A compact, self-contained walkthrough of building and training a tiny neural network using **only NumPy**.
It includes forward pass, backpropagation, and gradient descent updates, plus a few demo tasks.


## Setup
We use NumPy for vectorized math and Matplotlib for quick visual checks.


In [None]:
import numpy as np
np.set_printoptions(suppress=True)  # avoid scientific notation in prints
import matplotlib.pyplot as plt
from mpl_toolkits.mplot3d import Axes3D  # required for 3D plots

np.random.seed(10)


## Small helpers
- `add_dimension_optional` ensures consistent shapes.
- `visualize_loss` plots training loss.
- `visualize_preds` compares a learned surface vs the real function.
- `get_accuracy` computes binary accuracy (threshold at 0.5).


In [None]:
def add_dimension_optional(arr):
    new_arr = arr
    if new_arr.ndim == 1:
        new_arr = arr[:, None]
    return new_arr

def visualize_loss(loss_history):
    plt.plot(loss_history)
    plt.xlabel("Epoch")
    plt.ylabel("Loss")
    plt.title("Training Loss")
    plt.show()

def visualize_preds(model):
    # Grid over (x1, x2)
    x1 = np.linspace(-1, 1, 50)
    x2 = np.linspace(-1, 1, 50)
    X1, X2 = np.meshgrid(x1, x2)
    X_grid = np.column_stack((X1.ravel(), X2.ravel()))

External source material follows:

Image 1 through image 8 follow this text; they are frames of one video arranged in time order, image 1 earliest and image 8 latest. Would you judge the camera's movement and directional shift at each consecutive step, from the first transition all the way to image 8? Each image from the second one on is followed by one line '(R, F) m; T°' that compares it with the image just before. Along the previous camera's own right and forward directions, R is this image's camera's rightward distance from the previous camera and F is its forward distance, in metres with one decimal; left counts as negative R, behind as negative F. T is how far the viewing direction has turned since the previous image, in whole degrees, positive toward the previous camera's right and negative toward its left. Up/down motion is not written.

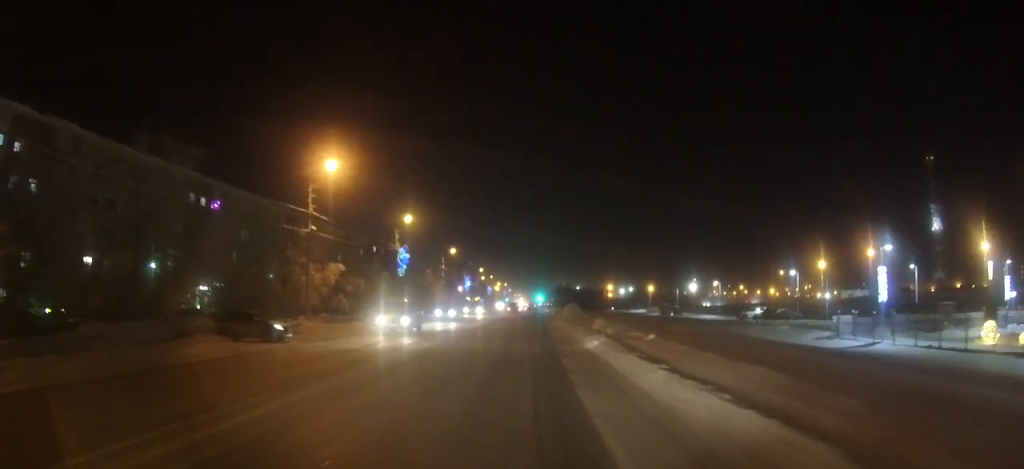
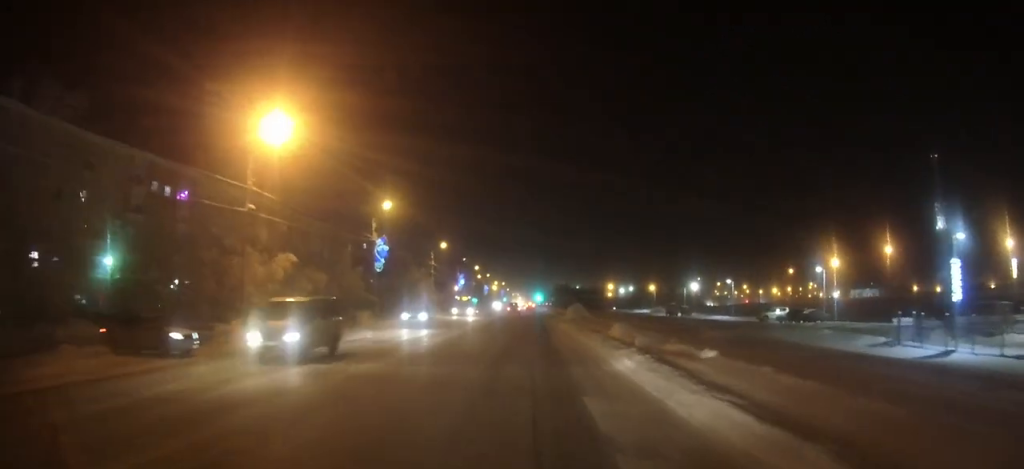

    # Model prediction on the grid
    y_pred = model.forward(X_grid).reshape(X1.shape)

    # True function for comparison
    y_true = (X1**2 + X2**2)

    fig = plt.figure(figsize=(12, 5))

    ax1 = fig.add_subplot(1, 2, 1, projection="3d")
    ax1.plot_surface(X1, X2, y_true)
    ax1.set_title(r"True Function: $x_1^2 + x_2^2$")
    ax1.set_xlabel(r"$x_1$")
    ax1.set_ylabel(r"$x_2$")
    ax1.set_zlabel(r"$y$")

    ax2 = fig.add_subplot(1, 2, 2, projection="3d")
    ax2.plot_surface(X1, X2, y_pred)
    ax2.set_title("Model Prediction")
    ax2.set_xlabel(r"$x_1$")
    ax2.set_ylabel(r"$x_2$")
    ax2.set_zlabel("Prediction")

    plt.tight_layout()
    plt.show()

def get_accuracy(net, X, y):
    y_pred = net.forward(X)
    y_pred_bin = np.where(y_pred > 0.5, 1, 0)
    return np.sum(y_pred_bin == y) / len(y)


## Activation functions
Activation functions add non-linearity. We'll use:
- **Identity** (useful for output layers in regression)
- **Sigmoid** (classic for binary classification demos)


In [None]:
class Identity:
    def forward(self, x):
        return x

    def backward(self, x):
        return np.ones_like(x)

class Sigmoid:
    def forward(self, x):
        return 1 / (1 + np.exp(-x))

    def backward(self, x):
        f = self.forward(x)
        return f * (1 - f)


## Loss function (MSE)
Mean Squared Error is common for regression and simple experiments:
\begin{align}
\text{MSE}(y,\hat{y})=\frac{1}{n}\sum_{i=1}^{n}(y_i-\hat{y}_i)^2
\end{align}


In [None]:
class MSE:
    def forward(self, y_pred, y):
        return np.mean((y_pred - y) ** 2)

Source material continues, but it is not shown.